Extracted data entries
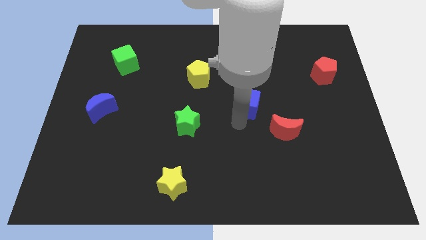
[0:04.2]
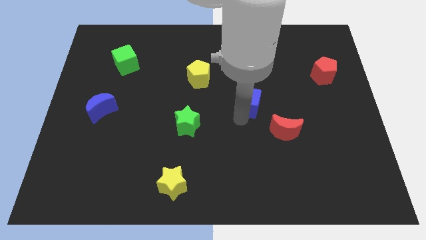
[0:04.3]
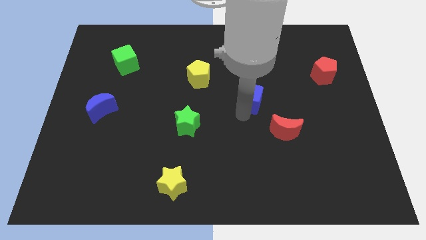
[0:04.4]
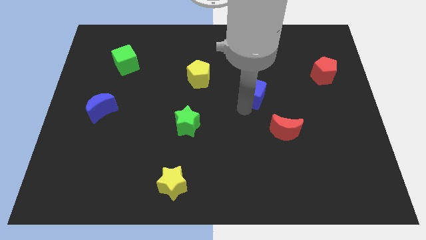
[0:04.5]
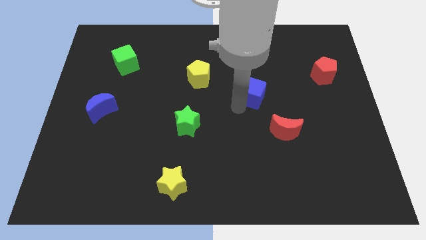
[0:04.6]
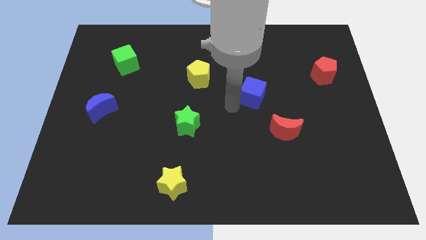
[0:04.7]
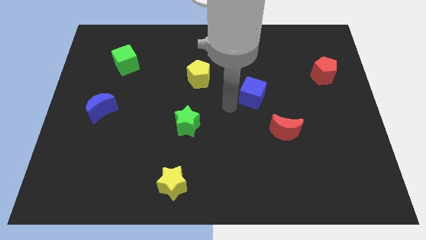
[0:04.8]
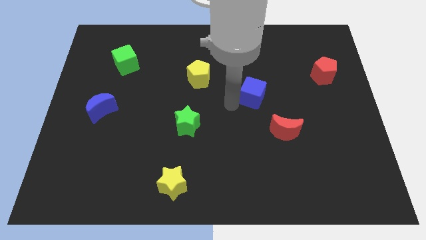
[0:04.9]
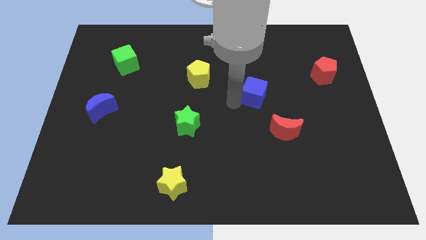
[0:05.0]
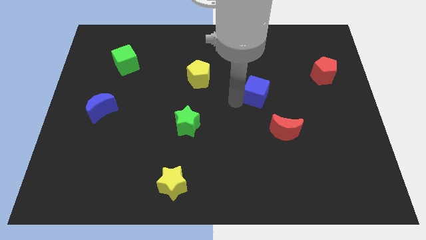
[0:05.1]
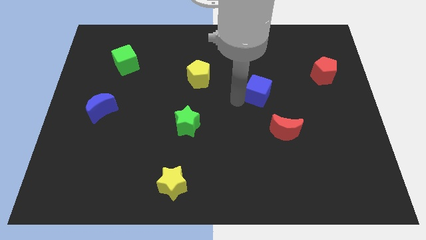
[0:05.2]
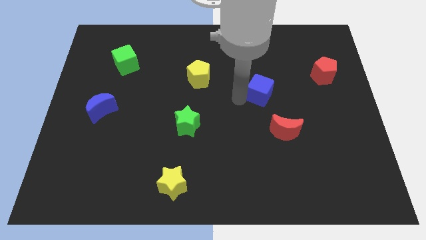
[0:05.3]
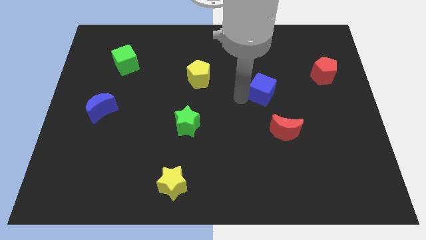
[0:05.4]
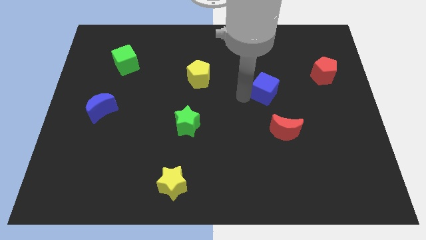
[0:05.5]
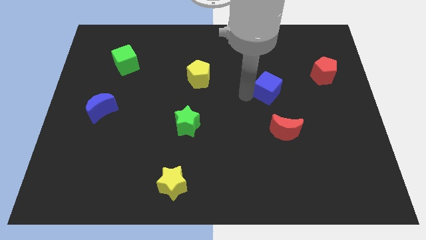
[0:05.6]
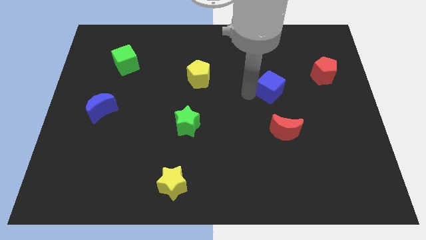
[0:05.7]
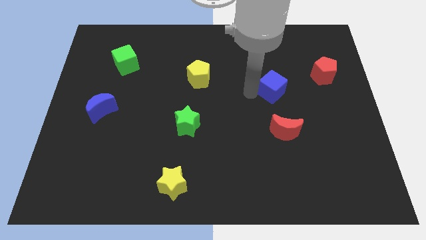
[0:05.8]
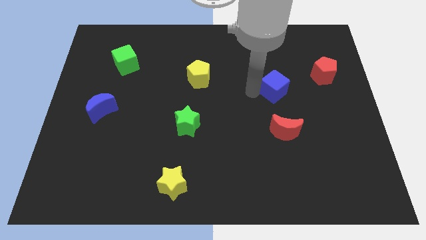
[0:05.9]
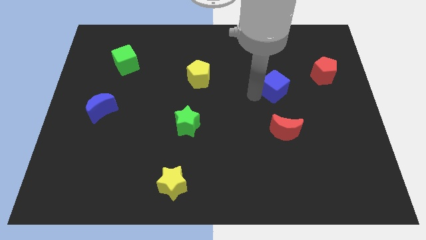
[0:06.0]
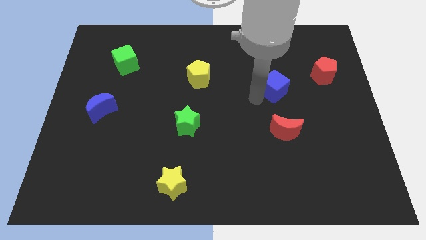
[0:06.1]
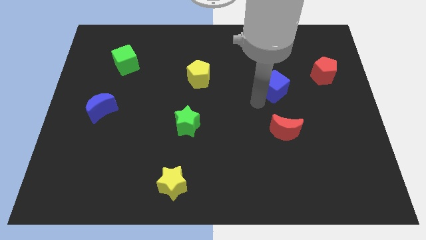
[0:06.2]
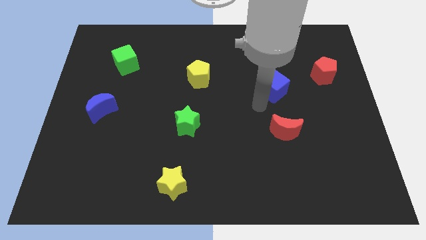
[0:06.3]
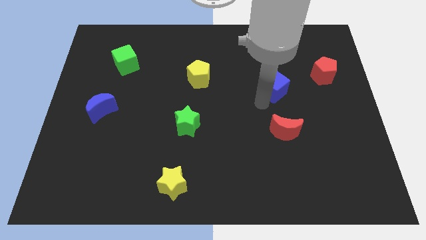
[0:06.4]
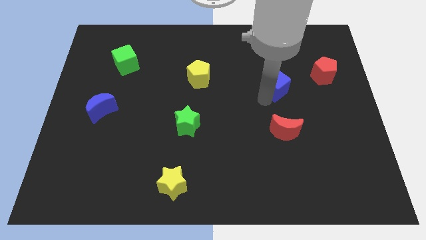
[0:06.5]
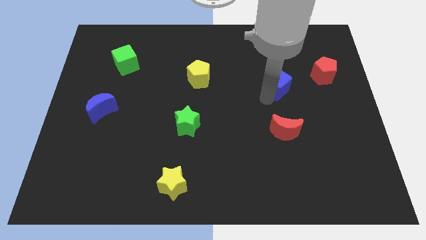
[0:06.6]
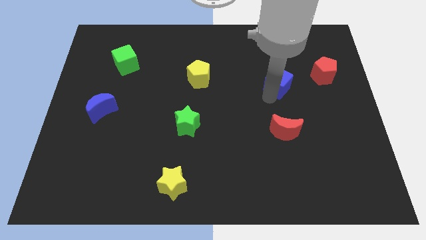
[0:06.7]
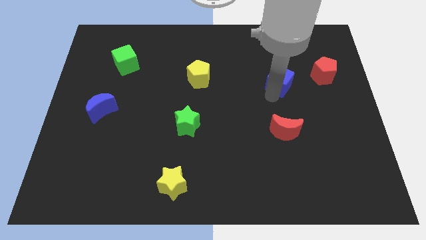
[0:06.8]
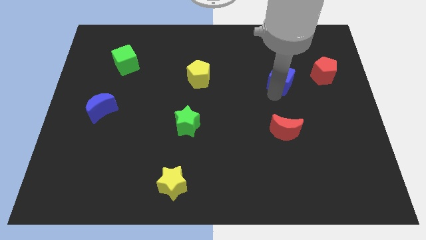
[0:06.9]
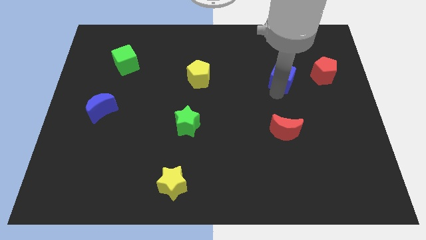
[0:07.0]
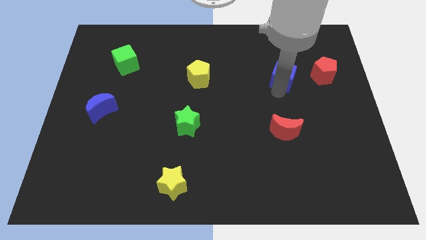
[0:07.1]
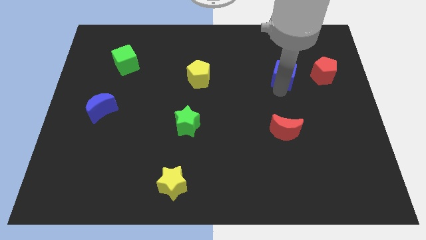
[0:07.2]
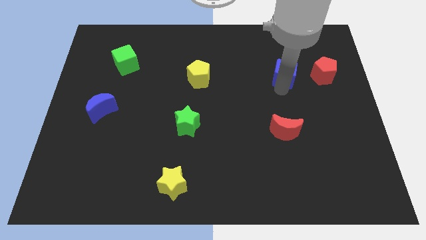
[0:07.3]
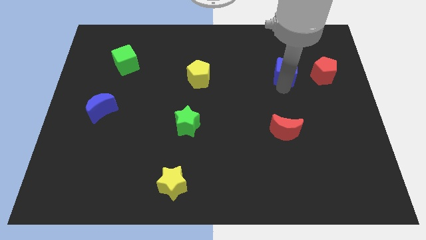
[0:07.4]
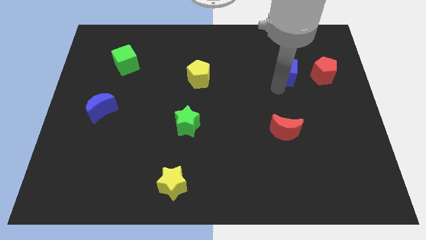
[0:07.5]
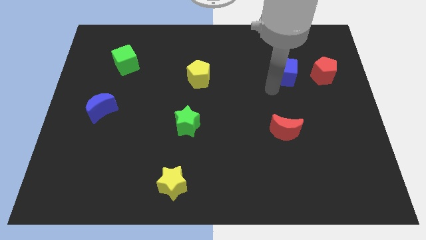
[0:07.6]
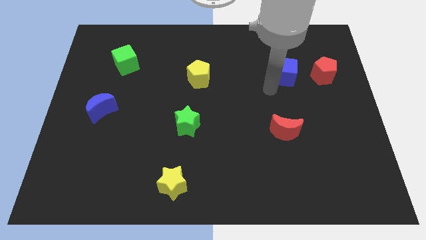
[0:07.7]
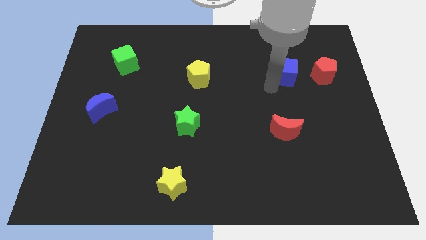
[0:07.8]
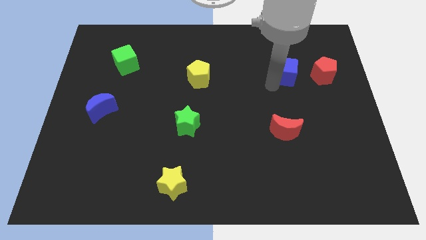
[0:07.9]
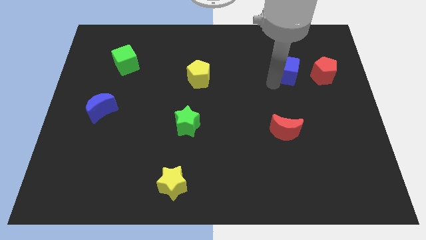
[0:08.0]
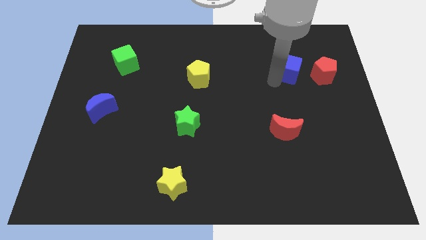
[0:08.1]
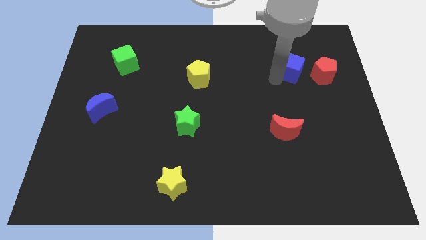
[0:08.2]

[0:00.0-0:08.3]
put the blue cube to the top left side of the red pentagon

**Activity**
Give back the records word for word, without their pictures.

**Written solution**
[0:04.2]
[0:04.3]
[0:04.4]
[0:04.5]
[0:04.6]
[0:04.7]
[0:04.8]
[0:04.9]
[0:05.0]
[0:05.1]
[0:05.2]
[0:05.3]
[0:05.4]
[0:05.5]
[0:05.6]
[0:05.7]
[0:05.8]
[0:05.9]
[0:06.0]
[0:06.1]
[0:06.2]
[0:06.3]
[0:06.4]
[0:06.5]
[0:06.6]
[0:06.7]
[0:06.8]
[0:06.9]
[0:07.0]
[0:07.1]
[0:07.2]
[0:07.3]
[0:07.4]
[0:07.5]
[0:07.6]
[0:07.7]
[0:07.8]
[0:07.9]
[0:08.0]
[0:08.1]
[0:08.2]

[0:00.0-0:08.3]
put the blue cube to the top left side of the red pentagon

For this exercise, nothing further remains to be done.